I Led the Mob That Attacked a Church and Jesus Sto...

I Led the Mob That Attacked a Church and Jesus Stopped Me Cold



My father, Mahmoud Al Amin, came to America from Lebanon in 1979.

He arrived with almost nothing except two suitcases and the address of a cousin who lived in a small apartment on the East Side of Dearborn.

He worked in a factory for 12 years.

He saved every dollar he could.

He bought a small convenience store and then a second one.

By the time I was born in 1983, my father was a respected man in the community.

He was not rich by American standards, but he was comfortable and he had built something from nothing and everyone around us knew it.

My father was a proud man.

He was proud of his Lebanese heritage.

He was proud of being Muslim.

He was proud of the community he had helped build in Dearborn, but there was a darkness underneath that pride that I did not fully understand until I was much older.

My father had left Lebanon during the years of civil war and Israeli military operations in the south.

He had watched his village burn.

He had buried neighbors with his own hands.

He had carried wounds inside his chest that never fully healed, no matter how many years passed or how successful his stores became.

He never spoke about those years in direct terMs. He never sat me down and told me the full story of what he had seen and survived, but the anger leaked out of him in a hundred small ways every single day.

It came out when the news showed images from the Middle East.

It came out when he drove past the Catholic church on our street and muttered under his breath.

It came out in the sermons at our mosque, where the Imam talked about the enemies of Islam and everyone in the room nodded along like it was the most natural thing in the world.

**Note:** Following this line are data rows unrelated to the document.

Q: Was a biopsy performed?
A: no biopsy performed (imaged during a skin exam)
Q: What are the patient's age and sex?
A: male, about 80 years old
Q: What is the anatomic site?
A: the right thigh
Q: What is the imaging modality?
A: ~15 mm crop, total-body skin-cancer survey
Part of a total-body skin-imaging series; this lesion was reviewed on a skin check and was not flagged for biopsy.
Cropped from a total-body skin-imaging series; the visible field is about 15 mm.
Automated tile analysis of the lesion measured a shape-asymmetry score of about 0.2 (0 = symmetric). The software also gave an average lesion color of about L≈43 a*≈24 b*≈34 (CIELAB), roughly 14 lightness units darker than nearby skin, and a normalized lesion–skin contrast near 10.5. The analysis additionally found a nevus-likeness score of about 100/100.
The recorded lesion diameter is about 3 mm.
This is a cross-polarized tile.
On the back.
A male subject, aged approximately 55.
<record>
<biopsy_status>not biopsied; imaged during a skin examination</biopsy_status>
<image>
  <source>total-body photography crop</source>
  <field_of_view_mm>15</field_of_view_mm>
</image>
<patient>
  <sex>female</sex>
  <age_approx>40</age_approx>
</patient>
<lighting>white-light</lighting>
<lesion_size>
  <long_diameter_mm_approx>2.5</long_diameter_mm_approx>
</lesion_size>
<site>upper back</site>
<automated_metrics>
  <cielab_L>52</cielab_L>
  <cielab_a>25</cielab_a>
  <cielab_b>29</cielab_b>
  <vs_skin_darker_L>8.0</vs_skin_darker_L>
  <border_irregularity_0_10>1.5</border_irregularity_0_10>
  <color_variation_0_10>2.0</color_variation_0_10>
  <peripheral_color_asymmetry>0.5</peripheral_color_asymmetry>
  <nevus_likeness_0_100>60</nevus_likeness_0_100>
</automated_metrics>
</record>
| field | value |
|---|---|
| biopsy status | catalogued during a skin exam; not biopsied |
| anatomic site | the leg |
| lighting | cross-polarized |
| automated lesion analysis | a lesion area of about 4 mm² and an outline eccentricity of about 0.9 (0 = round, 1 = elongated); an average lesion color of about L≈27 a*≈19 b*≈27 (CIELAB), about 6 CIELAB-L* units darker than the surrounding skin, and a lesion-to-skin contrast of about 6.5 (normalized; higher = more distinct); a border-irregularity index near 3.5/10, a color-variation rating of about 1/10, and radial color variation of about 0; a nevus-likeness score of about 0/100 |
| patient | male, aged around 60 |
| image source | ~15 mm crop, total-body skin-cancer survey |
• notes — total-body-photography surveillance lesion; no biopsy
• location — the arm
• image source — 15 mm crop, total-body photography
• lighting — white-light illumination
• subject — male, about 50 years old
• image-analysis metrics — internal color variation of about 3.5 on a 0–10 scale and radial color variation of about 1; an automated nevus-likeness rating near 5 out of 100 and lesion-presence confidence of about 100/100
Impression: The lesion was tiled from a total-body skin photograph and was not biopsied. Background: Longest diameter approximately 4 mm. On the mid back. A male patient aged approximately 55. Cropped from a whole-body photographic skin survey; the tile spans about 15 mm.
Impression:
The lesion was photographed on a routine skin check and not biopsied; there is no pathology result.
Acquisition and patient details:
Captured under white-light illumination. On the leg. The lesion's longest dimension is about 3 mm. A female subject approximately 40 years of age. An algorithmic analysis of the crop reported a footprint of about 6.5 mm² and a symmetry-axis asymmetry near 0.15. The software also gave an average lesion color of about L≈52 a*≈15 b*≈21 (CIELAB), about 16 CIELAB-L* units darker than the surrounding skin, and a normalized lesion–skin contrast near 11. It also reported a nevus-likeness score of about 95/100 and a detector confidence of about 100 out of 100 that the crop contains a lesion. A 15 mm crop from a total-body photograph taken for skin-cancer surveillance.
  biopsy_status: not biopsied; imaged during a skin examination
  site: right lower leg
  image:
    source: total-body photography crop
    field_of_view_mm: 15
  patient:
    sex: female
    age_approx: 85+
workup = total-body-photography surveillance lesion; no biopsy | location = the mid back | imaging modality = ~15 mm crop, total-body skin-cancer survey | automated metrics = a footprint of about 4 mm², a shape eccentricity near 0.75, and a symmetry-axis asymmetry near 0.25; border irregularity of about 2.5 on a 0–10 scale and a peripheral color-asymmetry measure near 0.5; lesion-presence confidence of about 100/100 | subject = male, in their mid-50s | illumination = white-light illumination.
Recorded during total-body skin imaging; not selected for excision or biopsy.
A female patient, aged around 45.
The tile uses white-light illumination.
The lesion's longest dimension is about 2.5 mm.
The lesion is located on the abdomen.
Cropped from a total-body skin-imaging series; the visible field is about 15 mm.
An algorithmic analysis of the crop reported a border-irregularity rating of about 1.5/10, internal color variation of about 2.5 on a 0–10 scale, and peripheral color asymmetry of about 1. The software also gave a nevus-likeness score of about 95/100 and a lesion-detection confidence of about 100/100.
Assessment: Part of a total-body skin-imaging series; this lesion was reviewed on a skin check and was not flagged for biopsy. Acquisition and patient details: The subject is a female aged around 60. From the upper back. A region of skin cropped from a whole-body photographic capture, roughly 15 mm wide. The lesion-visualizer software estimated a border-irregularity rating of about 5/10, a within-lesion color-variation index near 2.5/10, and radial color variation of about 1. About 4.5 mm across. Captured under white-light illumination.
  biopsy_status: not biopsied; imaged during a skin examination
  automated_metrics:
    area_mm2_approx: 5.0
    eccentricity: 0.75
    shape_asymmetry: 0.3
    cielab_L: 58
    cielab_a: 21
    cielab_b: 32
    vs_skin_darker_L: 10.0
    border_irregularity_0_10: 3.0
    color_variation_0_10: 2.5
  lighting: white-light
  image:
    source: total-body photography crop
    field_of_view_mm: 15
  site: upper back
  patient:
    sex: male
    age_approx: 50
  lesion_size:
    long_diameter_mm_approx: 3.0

I absorbed all of it the way a child absorbs everything around him without question, without filter, without ever stopping to ask whether what I was being taught was true or whether it was just pain dressed up as religion.

The mosque we attended was led by a man named Sheikh Bassam.

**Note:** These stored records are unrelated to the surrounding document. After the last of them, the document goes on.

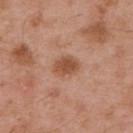Assessment: This lesion was catalogued during total-body skin photography and was not selected for biopsy. Clinical summary: The lesion is on the upper back. This image is a 15 mm lesion crop taken from a total-body photograph. The patient is a male aged around 55.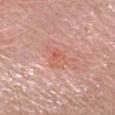Clinical impression:
This lesion was catalogued during total-body skin photography and was not selected for biopsy.
Image and clinical context:
The patient is a female about 40 years old. This is a white-light tile. Cropped from a total-body skin-imaging series; the visible field is about 15 mm. The lesion-visualizer software estimated a classifier nevus-likeness of about 0/100 and lesion-presence confidence of about 100/100. The lesion is located on the head or neck. Longest diameter approximately 4 mm.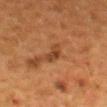Clinical impression:
Captured during whole-body skin photography for melanoma surveillance; the lesion was not biopsied.
Context:
A lesion tile, about 15 mm wide, cut from a 3D total-body photograph. This is a cross-polarized tile. On the back. Approximately 3 mm at its widest. The lesion-visualizer software estimated a lesion color around L≈35 a*≈20 b*≈31 in CIELAB and about 8 CIELAB-L* units darker than the surrounding skin. The software also gave a border-irregularity rating of about 3.5/10, internal color variation of about 3.5 on a 0–10 scale, and radial color variation of about 1. A female patient, aged 48 to 52.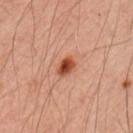biopsy status — no biopsy performed (imaged during a skin exam); acquisition — ~15 mm crop, total-body skin-cancer survey; patient — male, approximately 45 years of age; lesion size — ≈2.5 mm; site — the left upper arm; lighting — cross-polarized illumination.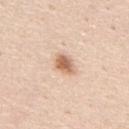Captured during whole-body skin photography for melanoma surveillance; the lesion was not biopsied. The lesion-visualizer software estimated a border-irregularity rating of about 2/10 and a within-lesion color-variation index near 3/10. Captured under white-light illumination. Located on the mid back. A 15 mm close-up tile from a total-body photography series done for melanoma screening. A male patient roughly 45 years of age. The lesion's longest dimension is about 2.5 mm.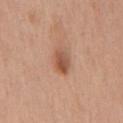| field | value |
|---|---|
| notes | total-body-photography surveillance lesion; no biopsy |
| patient | male, roughly 60 years of age |
| automated metrics | a lesion area of about 5.5 mm², a shape eccentricity near 0.75, and a shape-asymmetry score of about 0.15 (0 = symmetric); an automated nevus-likeness rating near 85 out of 100 and a lesion-detection confidence of about 100/100 |
| lighting | white-light illumination |
| lesion size | ≈3.5 mm |
| image | ~15 mm crop, total-body skin-cancer survey |
| anatomic site | the chest |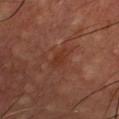{
  "biopsy_status": "not biopsied; imaged during a skin examination",
  "image": {
    "source": "total-body photography crop",
    "field_of_view_mm": 15
  },
  "patient": {
    "sex": "male",
    "age_approx": 55
  },
  "site": "chest"
}

He was a tall man with a thick gray beard and a deep voice that filled the entire prayer hall when he spoke.

He was educated.

He was articulate.

He could quote a scripture for hours without stopping and he believed with his whole heart that the Christian West was the fundamental enemy of Islam, not just politically, spiritually, theologically.

He taught us that Christianity had corrupted the original message of Jesus, who he said was just a prophet and nothing more.

He taught us that the church was a house of idolatry.

He taught us that the Eucharist, which Catholics call the body and blood of Christ, was the ultimate blasphemy because it elevated a human being to the level of God.

I heard these teachings every Friday for 20 years.

I heard them so many times that they stopped sounding like opinions and started sounding like facts, like gravity, like air, like something so obviously true that only a fool or a traitor would question them.

By the time I was in my mid-20s, I had become one of Sheikh Bassam’s most dedicated followers.

I was not just a mosque attendee.

I was an organizer.

I helped it coordinate events.

I recruited young men from the community.

I connected our local group with networks of like-minded Muslims across the country who believed that active resistance against Western Christian influence was a religious obligation.

I want to be honest with you about what I mean when I say active resistance.

I am not talking about protests or pamphlets or peaceful demonstrations.

I am talking about organized intimidation.

I am talking about targeting churches and Christian community events with the intention of disrupting and frightening and sending a message.

We told ourselves it was jihad.

We told ourselves that every act of disruption we carried out was earning us reward in paradise.

We are not planting bombs.

We had not crossed that line, but we were walking toward it one step at a time and I was leading the march.

The men I recruited were young and angry and desperate for purpose.

Most of them were second or a third generation Muslims born in America who felt caught between two worlds and fully accepted by neither.

They had grown up watching their fathers and uncles struggle against discrimination.

They had seen the way Muslim communities in the Middle East were portrayed in American media.

They had felt the sting of casual racism and religious prejudice in schools and workplaces and neighborhoods.

They were carrying real pain and I gave that pain a direction.

I gave it a target.

I gave it a theology that told them their anger was not just justified, but holy.

That is one of the most dangerous things a human being can do.

Taking the genuine pain of vulnerable people and turning it into a weapon.

I did not understand that then.

I thought I was empowering them.

I thought I was waking them up.

I thought I was being the leader that our community needed.

What I was actually doing was destroying them from the inside while telling them they were being made stronger.

In the spring of 2016, Sheikh Bassam approached me after Friday prayers with something specific in mind.

He had received information that a local Catholic church was planning a special high mass to celebrate a significant feast day.

This was not just an ordinary Sunday service.